Two weeks later they were returned to the shelter. They weren't acting like normal cats?
We took then in. We renamed them Pretty Girl and Shoosh. 
Both were flea ridden and Shoosh was under nine pounds. 

Pretty Girl or PG is a really sweet laid back cat.









Shoosh is another matter. She was seriously under weight. She's gained a couple of pounds but needs another pound or two.
Somewhere she was abused. She's very skittish. But she's coming around.


----------



## amy22 (Jul 5, 2013)

What a beatiful cat family! Miss M looks like a queen up there. Best wishes to you and thank you for rescuing those two torties and giving them a good home.
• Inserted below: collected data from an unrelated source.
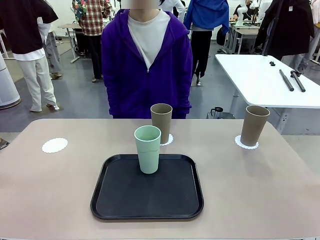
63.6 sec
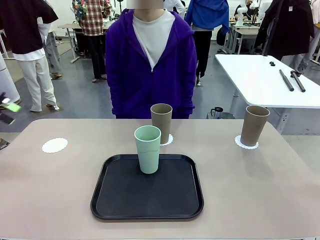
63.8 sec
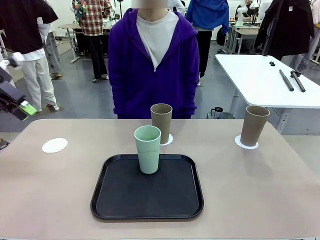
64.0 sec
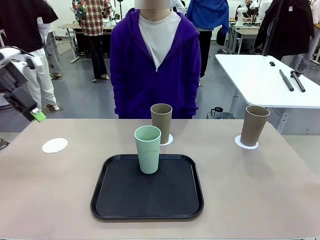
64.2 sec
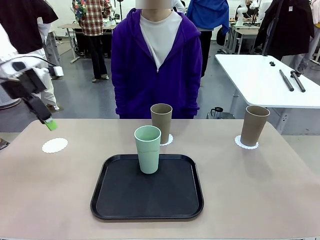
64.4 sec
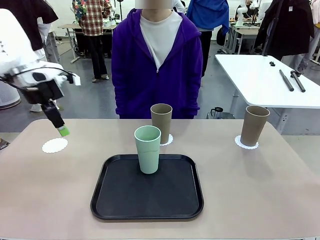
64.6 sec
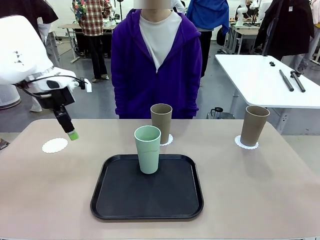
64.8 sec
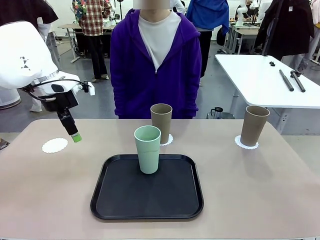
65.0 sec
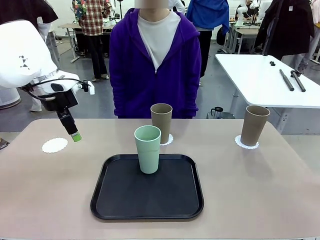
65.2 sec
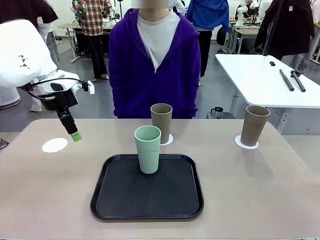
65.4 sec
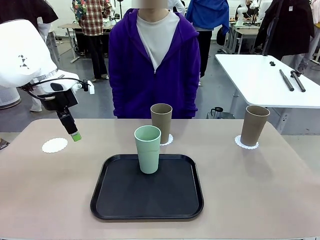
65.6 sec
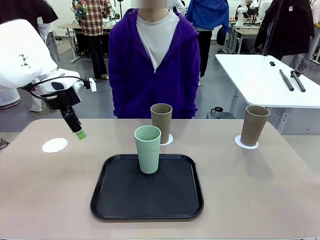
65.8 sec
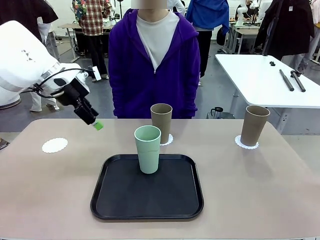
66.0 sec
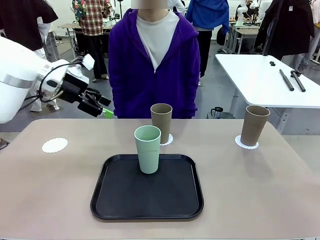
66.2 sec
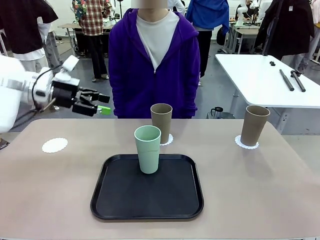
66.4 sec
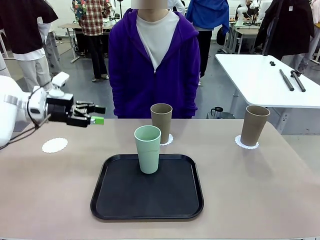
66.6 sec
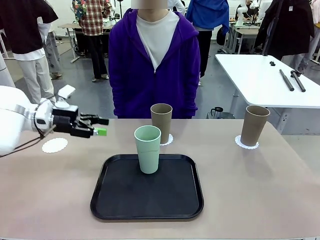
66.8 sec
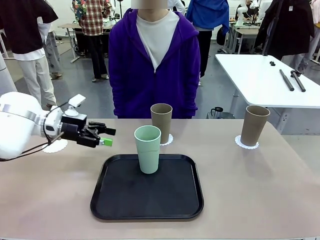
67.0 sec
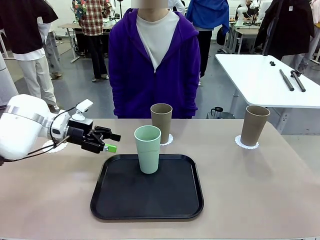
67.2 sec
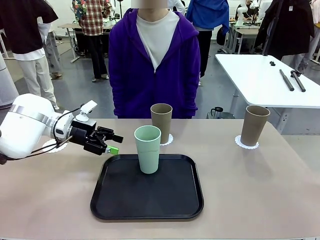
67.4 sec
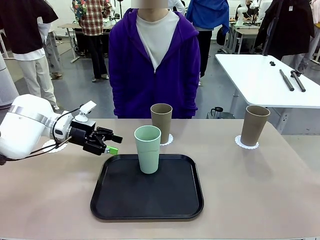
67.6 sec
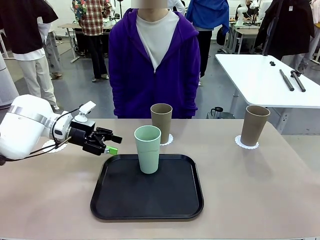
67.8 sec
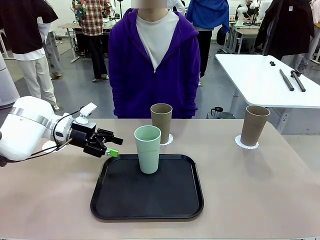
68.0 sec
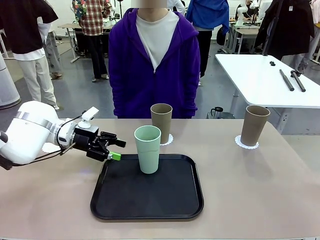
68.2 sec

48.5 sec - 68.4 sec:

Whenever I see cats brought back to a shelter after going home once my heart breaks for them, it must be a terrible ordeal.


----------



## Greenport ferals (Oct 30, 2010)

It was great to hear about your new house and growing cat family. Isn't owning your own house wonderful? You can have all the cats you want.
Miss M is as beautiful as ever. 
How is everyone getting along?


----------



## Zeke_M (Jul 6, 2016)

Pickles, PG and Shoosh came from the same house. They were raised together. It gets lively around when they race around.
All needed flea treatments and shots. Pickles needed nine teeth pulled. Seems the people that gave them never took them to a vet.

Miss M doesn't get along with Cat Mafia or the dog. She can be in the same room with the cats and the dog. If they get too close Miss M will charge.
Pickles will sit outside my door for hours waiting for Miss M to come out, then they have a hissing contest.
Pickles is the head if the Cat Mafia and can be a bit of a bully but Miss M holds her own so there is and uneasy peace.

PG, Pickles and Shoosh all get along with Cisco the Papillon.

Cisco and Shoosh sharing the couch.


----------



## Greenport ferals (Oct 30, 2010)

I love that photo! 
Oh yes, Cisco, who you referred to as 'Dorky dog.' I wondered where he fit in all this new cat-ness.


----------



## spirite (Jul 31, 2012)

Congrats on the house! 

Miss M, stunning as always.  It sounds like she's dealing pretty well with the new situation and making sure everyone knows she's in charge.  

Cat Mafia, lol. Love it! The most beautiful, sweetest-looking mafia ever!


----------